/GGDMS

Distributed order statistic selection with GPUs

Primary LanguageHTML

/* Copyright 2012 Emircan Uysaler, Jeffrey Blanchard, Erik Opavsky
 * Copyright 2011 Russel Steinbach, Jeffrey Blanchard, Bradley Gordon,
 *   and Toluwaloju Alabi
 *   Licensed under the Apache License, Version 2.0 (the "License");
 *  you may not use this file except in compliance with the License.
 *  You may obtain a copy of the License at:
 *
 *     http://www.apache.org/licenses/LICENSE-2.0
 *     
 * Unless required by applicable law or agreed to in writing, software
 * distributed under the License is distributed on an "AS IS" BASIS,
 * WITHOUT WARRANTIES OR CONDITIONS OF ANY KIND, either express or implied.
 * See the License for the specific language governing permissions and
 * limitations under the License. 
 */

GGMS: Grinnell GPU Multi-Selection
All original work done for this project is licensed under the Apache 2.0
license. This project is built on the GGKS project of Alabi, Blanchard, 
Gordon, and Steinbach.


 ************************************************************************
 ************************************************************************
 ********************** LIBRARIES ***************************************
 ************************************************************************
 ************************************************************************

 THRUST: a variety of thrust primitives are used throughout GGMS, so it is
 necessary to have a copy downloaded. For convenience a copy has been
 included. 


 ************************************************************************
 ************************************************************************
 **********************  bucketMultiSelect ******************************
 ************************************************************************
 ************************************************************************


 bucketMultiSelect: The source code for bucketMultiSelect is provided in 
 bucketMultiSelect.cu. It is named as we conceptually place elements into
 buckets, determine which bucket contains the desired order statistics,
 reduces the problem to only those buckets containing desired order statistics,
 and extract the desired order statistics by sorting the reduced vector.

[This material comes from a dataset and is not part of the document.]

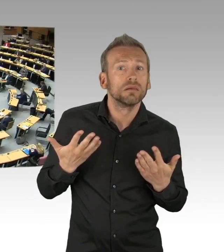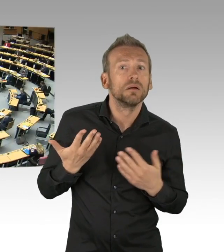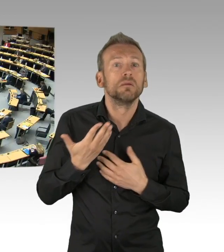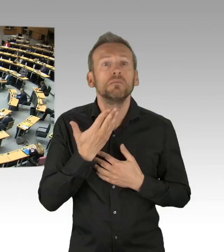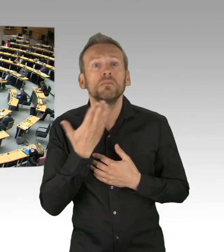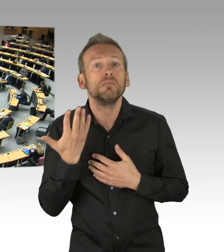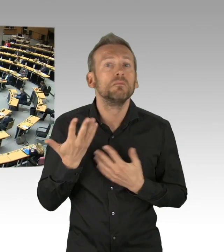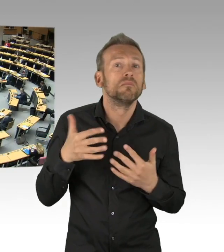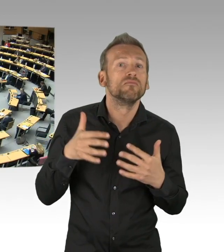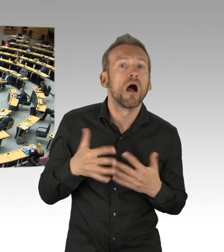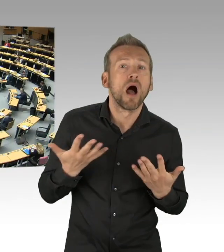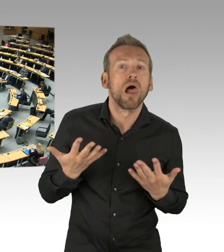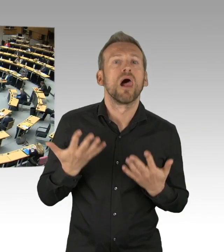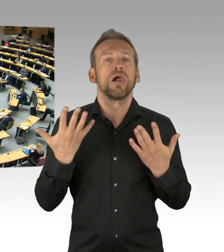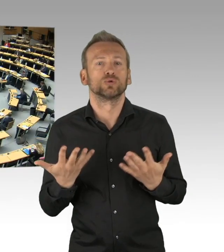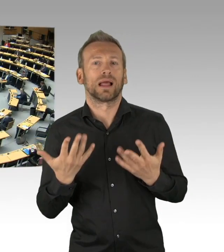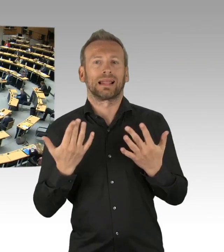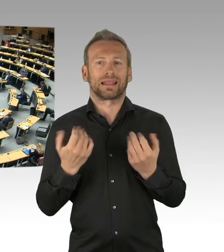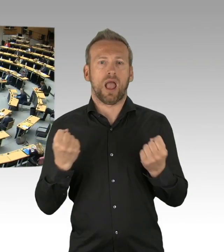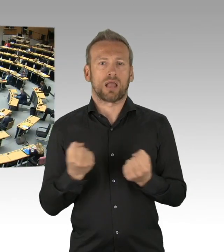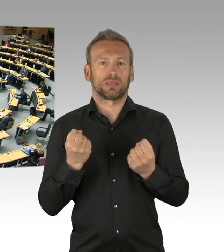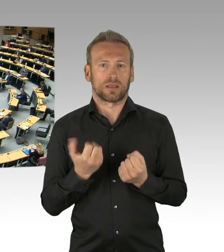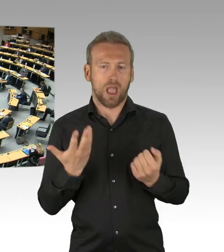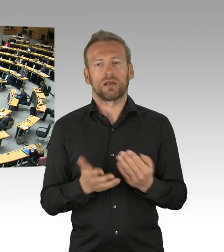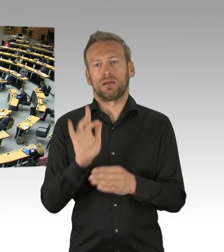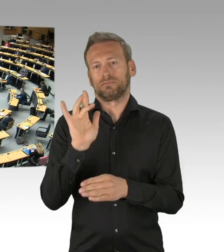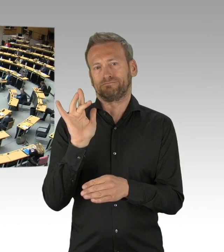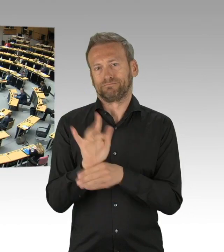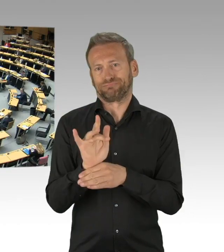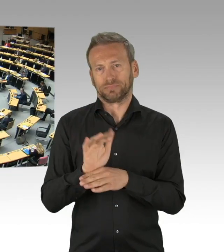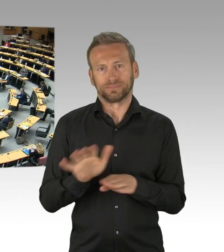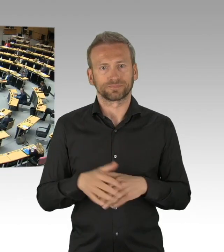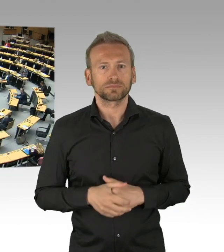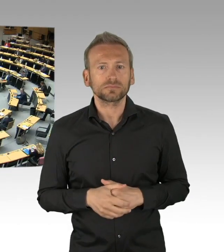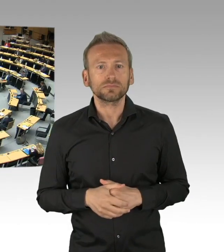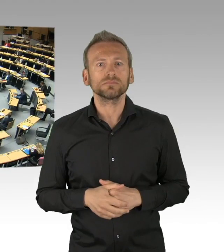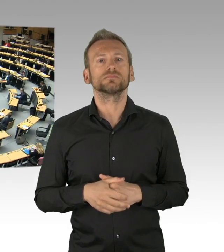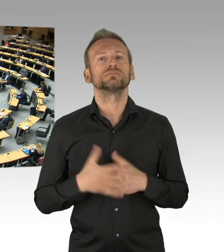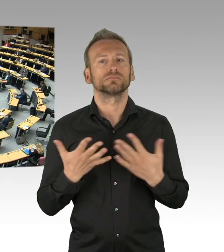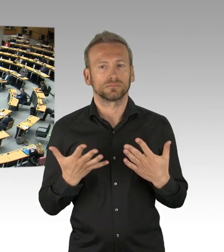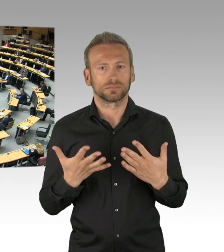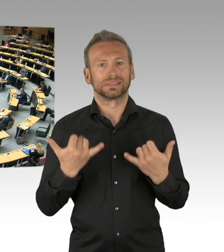(Sprecherwechsel) Vielen Dank, Herr Präsident, liebe Kolleginnen und Kollegen, im Namen und Auftrag meiner Fraktion,

 The details of the algorithm are provided in the following paper:
 
 Selecting Multiple Order Statistics with a Graphics Processing Unit
 Jeffrey D. Blanchard, Erik Opavsky, and Emircan Uysaler
 Submitted, 2013.
 Online [Available]: www.math.grinnell.edu/~blanchaj/Research/SMOSGPU.pdf

 Any work which uses this algorithm, software, or derivatives of this 
 software should cite the above paper.

 Note:

 1. naivebucketMultiSelect: this algorithm is included in the package, but
 is not executed by default.  The algorithm does not utilize the kernel
 density estimator to define buckets concentrated at the density of the 
 values in the vector.  Instead, it generates equal sized buckets from
 the minimum to maximum value in the vector.  To include this function
 in tests, change the last 0 to 1 in every instance of

 algorithmsToRun[NUMBEROFALGORITHMS]= {1, 1, 0};

 that appears in the code.  You are likely to see an improved performance
 on vectors with uniformly distributed elements, and significantly degraded
 performance on vectors from other distributions.


 ************************************************************************
 ************************************************************************
 ********************** COMPILING THE CODE  *****************************
 ************************************************************************
 ************************************************************************

 There are a variety of functions which generate executables.  All executables
 can be compiled using the included MAKEFILE.  You must ensure the all path
 variables are set appropriately for your machine.  The MAKEFILE is designed
 for a Linux operating system.  For other operating systems, you must create
 your own MAKEFILE or compile the functions individually.

 To compile the functions for testing user specified problems compile 
 compareMultiSelect, analyzeMultiSelect, and realDataTests by running

 >> make all

 To compile the functions used to generate the data for the paper 
 "Selecting Multiple Order Statistics with a Graphics Processing Unit",
 run

 >> make allSMOS

 See the MAKEFILE for compiling specific files.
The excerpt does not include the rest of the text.